**Data extracts**
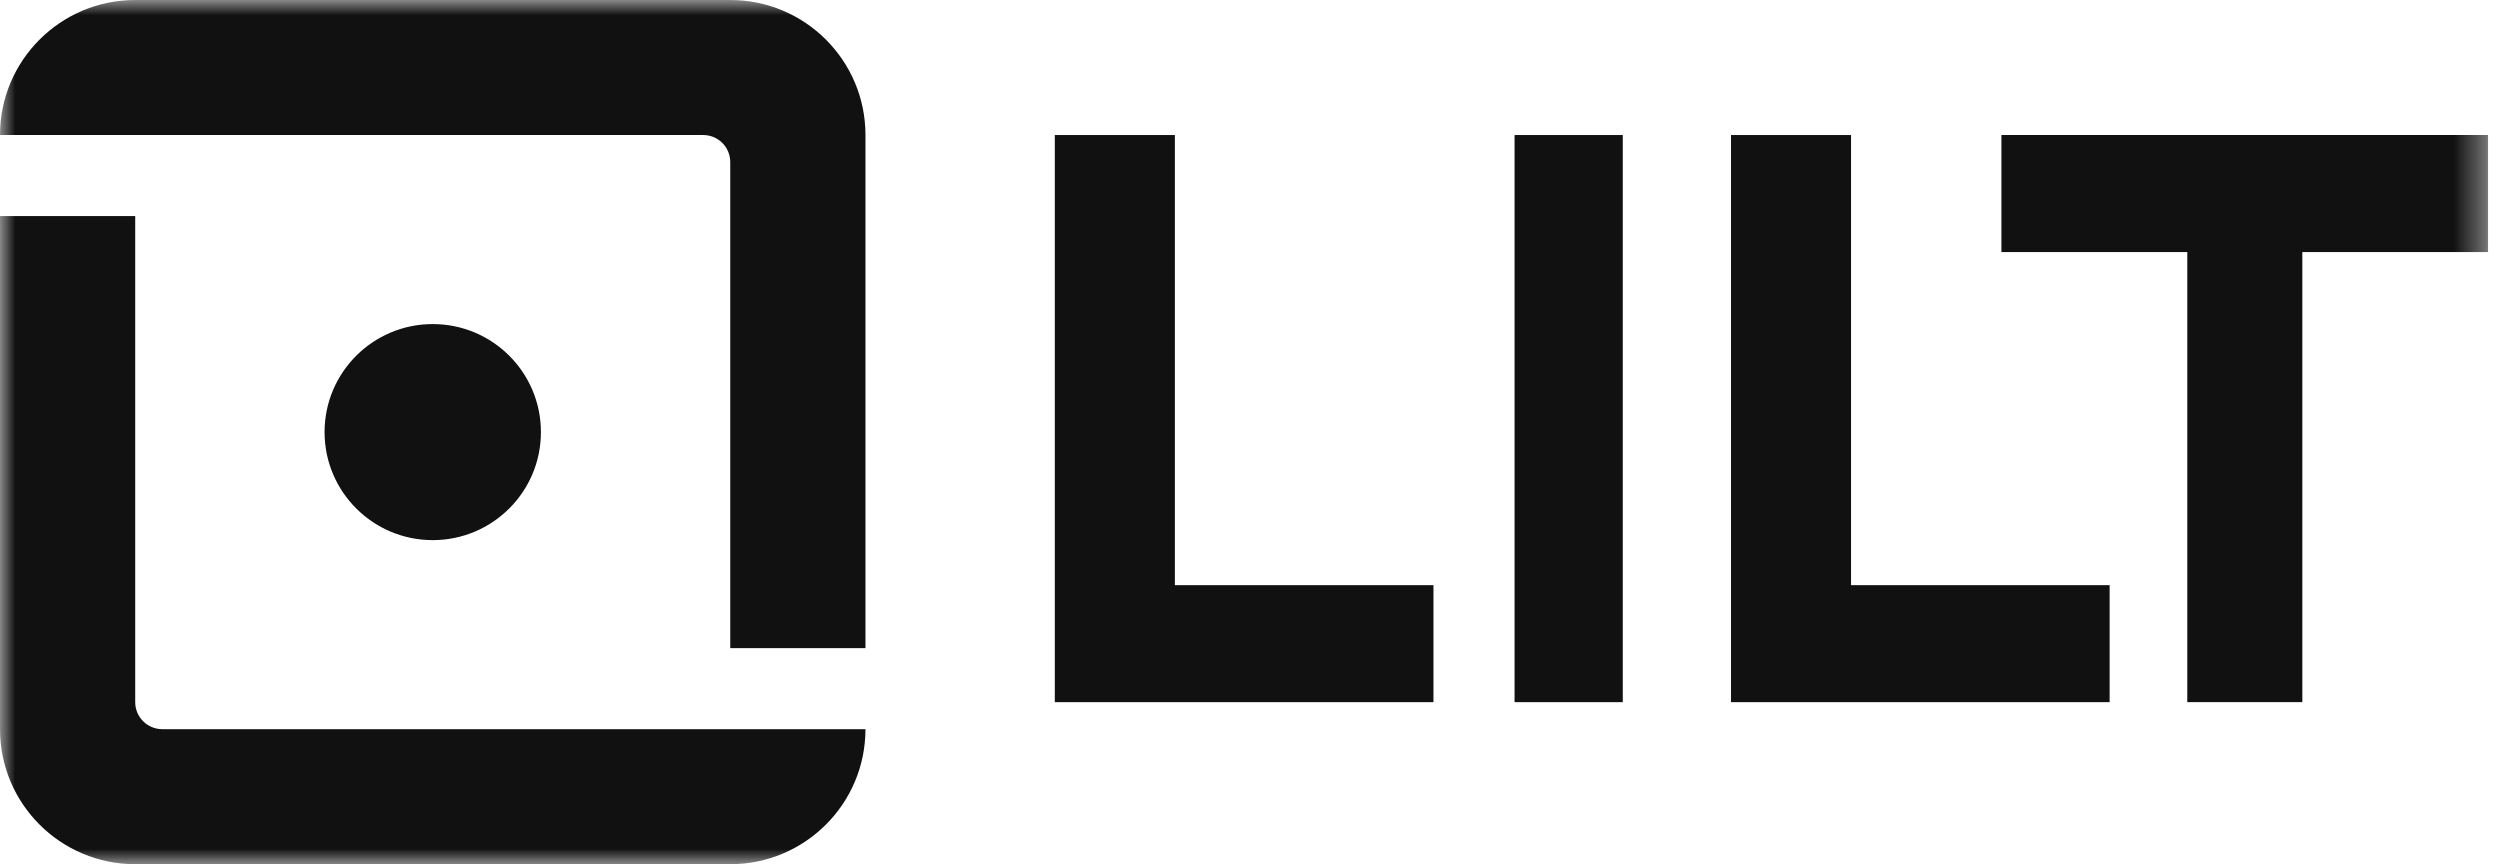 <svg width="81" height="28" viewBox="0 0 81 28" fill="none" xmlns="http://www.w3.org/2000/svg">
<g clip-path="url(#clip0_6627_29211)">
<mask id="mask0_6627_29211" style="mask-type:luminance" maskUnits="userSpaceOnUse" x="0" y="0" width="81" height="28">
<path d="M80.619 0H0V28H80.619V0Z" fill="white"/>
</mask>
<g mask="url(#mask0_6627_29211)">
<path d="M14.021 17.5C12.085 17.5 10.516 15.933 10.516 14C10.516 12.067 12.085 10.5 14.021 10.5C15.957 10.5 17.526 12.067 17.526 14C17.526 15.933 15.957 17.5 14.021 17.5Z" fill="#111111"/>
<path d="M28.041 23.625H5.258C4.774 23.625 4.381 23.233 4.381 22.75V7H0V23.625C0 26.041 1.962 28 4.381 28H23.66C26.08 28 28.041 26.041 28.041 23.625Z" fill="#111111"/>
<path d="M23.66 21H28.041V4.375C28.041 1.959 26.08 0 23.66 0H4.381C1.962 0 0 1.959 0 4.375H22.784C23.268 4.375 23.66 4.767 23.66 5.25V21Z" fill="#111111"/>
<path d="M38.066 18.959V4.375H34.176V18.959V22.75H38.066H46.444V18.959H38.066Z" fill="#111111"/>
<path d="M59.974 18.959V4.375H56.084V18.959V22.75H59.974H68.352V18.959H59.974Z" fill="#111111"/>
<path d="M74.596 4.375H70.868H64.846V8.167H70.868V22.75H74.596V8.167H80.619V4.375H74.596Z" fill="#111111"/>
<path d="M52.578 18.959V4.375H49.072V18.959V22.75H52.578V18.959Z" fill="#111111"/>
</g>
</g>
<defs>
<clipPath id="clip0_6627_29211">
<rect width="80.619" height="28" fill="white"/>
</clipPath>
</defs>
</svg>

**Work required**
Set the records down again exactly as given, and leave the pictures out.

**Output for this exercise**
 <svg width="81" height="28" viewBox="0 0 81 28" fill="none" xmlns="http://www.w3.org/2000/svg">
<g clip-path="url(#clip0_6627_29211)">
<mask id="mask0_6627_29211" style="mask-type:luminance" maskUnits="userSpaceOnUse" x="0" y="0" width="81" height="28">
<path d="M80.619 0H0V28H80.619V0Z" fill="white"/>
</mask>
<g mask="url(#mask0_6627_29211)">
<path d="M14.021 17.5C12.085 17.5 10.516 15.933 10.516 14C10.516 12.067 12.085 10.5 14.021 10.5C15.957 10.5 17.526 12.067 17.526 14C17.526 15.933 15.957 17.5 14.021 17.5Z" fill="#111111"/>
<path d="M28.041 23.625H5.258C4.774 23.625 4.381 23.233 4.381 22.75V7H0V23.625C0 26.041 1.962 28 4.381 28H23.66C26.08 28 28.041 26.041 28.041 23.625Z" fill="#111111"/>
<path d="M23.66 21H28.041V4.375C28.041 1.959 26.08 0 23.66 0H4.381C1.962 0 0 1.959 0 4.375H22.784C23.268 4.375 23.66 4.767 23.66 5.25V21Z" fill="#111111"/>
<path d="M38.066 18.959V4.375H34.176V18.959V22.75H38.066H46.444V18.959H38.066Z" fill="#111111"/>
<path d="M59.974 18.959V4.375H56.084V18.959V22.75H59.974H68.352V18.959H59.974Z" fill="#111111"/>
<path d="M74.596 4.375H70.868H64.846V8.167H70.868V22.75H74.596V8.167H80.619V4.375H74.596Z" fill="#111111"/>
<path d="M52.578 18.959V4.375H49.072V18.959V22.75H52.578V18.959Z" fill="#111111"/>
</g>
</g>
<defs>
<clipPath id="clip0_6627_29211">
<rect width="80.619" height="28" fill="white"/>
</clipPath>
</defs>
</svg>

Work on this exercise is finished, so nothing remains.